I really don't think there is one answer for this question. It honestly probably depends on the person. There may be some people that can't distinguish over 100fps, and some people can distinguish anything under 200fps. Each human eye is different. Just like everyones vision isn't exactly the same (by evidence of the need for some sort of corrective lenses), I doubt everyones perception of framerate is identical.

Though, I do think some people are not lying when they say 60 and 120 isn't much of a difference to them in slower - medium movement scenes. 60 and 120 is a large difference, but that doesn't mean everyone can perceive it. Some people may be more sensitive to the nuances of framerate than others.

I wondering if it's more of a case of 'feeling' the difference more so than 'seeing' it?.

Take that 30vs60fps website, I can see a slight difference in the 2 comparisons but I wouldn't say its massive. Yet when I'm actually playing a game that's 30fps and then if I lower some settings to get a locked 60fps I can see and feel the difference massively, yet looking at those videos on the 30vs60fps site I struggle to see a big difference.......odd.
 

efyu_lemonardo

May I have a cookie?
I remember when I was in college doing some research for a Video & Graphics presentation, I came across some biological studies saying that the human eye can't see any difference in any motion above 100 fps

you think that's bad, a friend of mine whose soon to be a doctor told me last year that most people can't distinguish between 12 and 24 fps...


:/
 
I am not a scientist, but being in the graphics field..

I really don't think there is one answer for this question. It honestly probably depends on the person. There may be some people that can't distinguish over 100fps, and some people can distinguish anything under 200fps. Each human eye is different. Just like everyones vision isn't exactly the same (by evidence of the need for some sort of corrective lenses), I doubt everyones perception of framerate is identical.

Though, I do think some people are not lying when they say 60 and 120 isn't much of a difference to them in slower - medium movement scenes. 60 and 120 is a large difference, but that doesn't mean everyone can perceive it. Some people may be more sensitive to the nuances of framerate than others.

That is a totally different question then.

It should have been "what FPS is ideal for gaming".

We will fight over that for the next 5 years I guess ;)
 

Sanctuary

Member
What FPS does reality run? (and yes it does run in frames... there is a smallest unit of time called a Planck Unit, 10−43 seconds). An interesting question TBH. All a bit OT but rather interesting (I am not going to explain all this... I am sure all of you interested can Google). Let's just say that reality runs at a VERY high framerate :) A 1 with 43 zeros behind it.

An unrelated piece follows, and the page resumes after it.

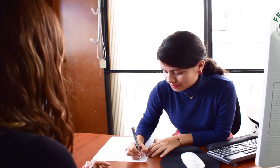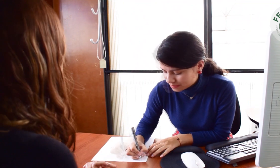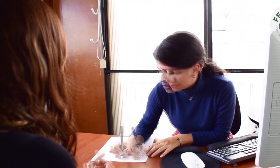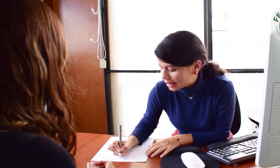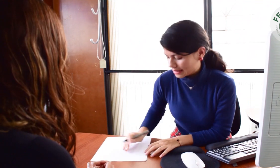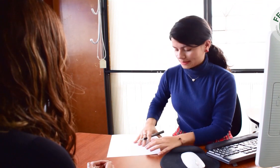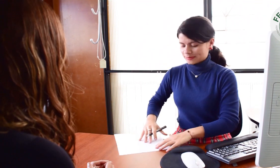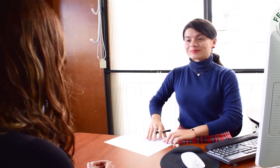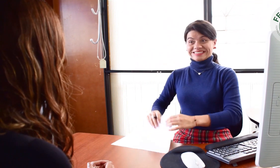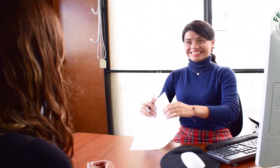Sí.

Then again time is relative... that means that that framerate of reality is slightly different for each of us (if we are moving ofc).

Reality Lag! ;)

Yeah, but it's not a what "frame rate" reality is, it's at what frame rate we perceive it. Pretty big distinction. Also: Time doesn't even exist
 

nkarafo

Member
Many more people (or at least from those who bothered to comment or take polls etc) disliked the way the two HFR Hobbit movies looked in motion than liked. It had a very obnoxious soap opera effect going on that made it look comparatively awful to the 24fps version.
Disliked probably just means it felt different. People are so used to 24fps in movies that anything different will feel weird to them and that translates to "bad".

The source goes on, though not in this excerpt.